No dia 12 de outubro é costume darmos às crianças algum presente, geralmente um brinquedo. Tal objeto representa uma miniatura de um certo ideal da nossa cultura, de forma que elas possam experimentar brincando modos possíveis de se colocar no mundo.
Brincar é a possibilidade de apoiar o fantasiar em um objeto concreto, diz Freud no texto o Escritores criativos e o devaneio (1908). Junto com a extensão dessa fantasia, a criança relança possibilidades. "E se... e se...", diz ela, brincando, e assim produz diferentes respostas à família, à escola e à sociedade, enquanto vai inventando possíveis e impossíveis modos de lançar-se no futuro.
Nesse sentido, brincar está muito menos do lado de sacolejar objetos de uma determinada marca ou de ficar como espectador de bonecos que se mexem sozinhos, acendem luzes ou tocam músicas por conta, e muito mais do lado de ser ativamente o autor da brincadeira (servindo-se às vezes de pedrinhas ou pauzinhos, não só de brinquedos comprados em lojas) . Isso vai autorizando a criança a se colocar.
O interessante é que, ao brincar, essas respostas se produzem de forma ficcional e, portanto, de forma protegida, porque as crianças ainda não precisam se responsabilizar pelas consequências de um ato, já que tudo se passa no faz-de-conta.
No entanto, se enganam aqueles que pensam que brincar seria algo inútil, na medida em que não é um desempenho aplicado diretamente à realidade. Aqueles que brincaram muito certamente chegam à vida adulta com uma maior possibilidade de extensão imaginativa e discursiva e, se bem isso não blinde ninguém das contingências da vida, certamente estarão em melhores condições os que tiveram a possibilidade de exercer a criatividade, testando e tencionando as bordas da liberdade de expressão que a invenção coloca no encontro com a lei.

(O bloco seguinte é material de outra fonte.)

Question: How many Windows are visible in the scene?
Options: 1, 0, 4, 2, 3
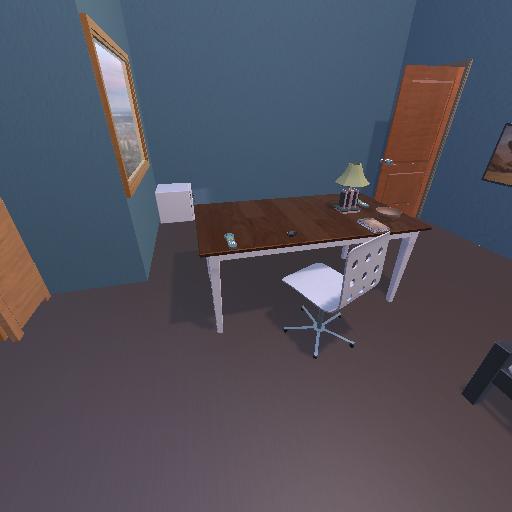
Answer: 1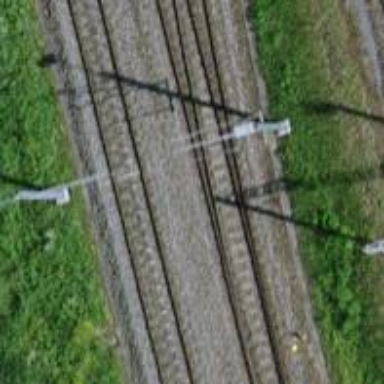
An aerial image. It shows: Railway switch.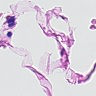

Também se enganam aqueles que pensam que brincar é só algo suave, leve e alegre. O brincar está atravessado por todos os conflitos que a criança precisa elaborar e, portanto, por todos os conflitos que fazem parte do tempo em que vivemos. Se um homem é um homem em seu contexto, uma criança brinca no faz de conta tendo como pano de fundo a sua sociedade, e o que nela se passa atravessa o seu brincar e, portanto, sua constituição psíquica.

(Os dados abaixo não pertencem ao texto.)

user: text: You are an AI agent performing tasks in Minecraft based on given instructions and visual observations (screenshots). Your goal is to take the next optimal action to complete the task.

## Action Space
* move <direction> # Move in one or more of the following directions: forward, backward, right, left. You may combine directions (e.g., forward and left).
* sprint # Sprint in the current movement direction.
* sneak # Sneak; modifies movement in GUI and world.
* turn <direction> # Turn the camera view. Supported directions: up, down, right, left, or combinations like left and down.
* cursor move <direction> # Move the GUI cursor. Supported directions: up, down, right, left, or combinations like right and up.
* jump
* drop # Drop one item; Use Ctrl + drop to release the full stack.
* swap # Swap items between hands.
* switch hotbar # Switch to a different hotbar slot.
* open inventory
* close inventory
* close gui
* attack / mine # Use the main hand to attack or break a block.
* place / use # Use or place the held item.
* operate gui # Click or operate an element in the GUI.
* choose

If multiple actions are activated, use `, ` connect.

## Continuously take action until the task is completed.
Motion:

Adoramos pensar que protegemos as crianças. Ainda que tentemos suavizar e amortecer para elas os duros golpes da realidade, até que progressivamente possam ter condições de encarar o mundo, elas não estão dissociadas dos conflitos que vivemos, e é melhor que não o estejam, porque se, por um lado, deixar uma criança sem proteção seja uma crueldade à qual muitas estão duramente expostas (pela miséria, pela segregação étnica, pelo exílio político), sofrendo de uma exclusão de direitos da cidadania, há outras que, pelo excesso de proteção e satisfação, também ficarão absolutamente despreparadas, porque autocentradas e, portanto, não só psiquicamente frágeis diante de qualquer frustração, mas também profundamente egoístas e, consequentemente, futuros cidadãos que não estarão dispostos a abrir mão de nada em nome do coletivo.
Escutar as crianças nesse momento revela o achatamento discursivo que está se vivendo, em que o outro vira o inimigo, em que o diferente se torna insuportável. A violência invade o brincar, encenando atos cruéis em que se encurta o dizer. As lutas deixam de ter a extensão narrativa e a elucubração de princípios éticos que sustentam o valor da cena e passam a ser um tintinar de armas em que um é do bem e outro é do mal, sem elaboração.
Lembro de um menininho que insistia em brincar de um jogo de percurso, mas cada vez que o meu pino passava à frente do seu, atirava tudo pelos ares dizendo "você está me ultrapasseando!" Nessa afirmação equiparava ser ultrapassado a uma trapaça. Só havia lugar para um (ele, no caso) nesse jogo. Ou ele ganhava, ou era trapaça.
Trata-se aí da lógica do um, de um exercício autoritário em que pretendia fazer valer uma lei posta a seu serviço. Não tinha ainda, portanto, alcançado a elaboração de uma lei que protege, que dá lugar a diferenças e na qual ganhar e perder faz parte do jogo, ainda que frustre, mas na qual os lugares circulam, dando chance e zelando pela justiça e pelo direito de todos.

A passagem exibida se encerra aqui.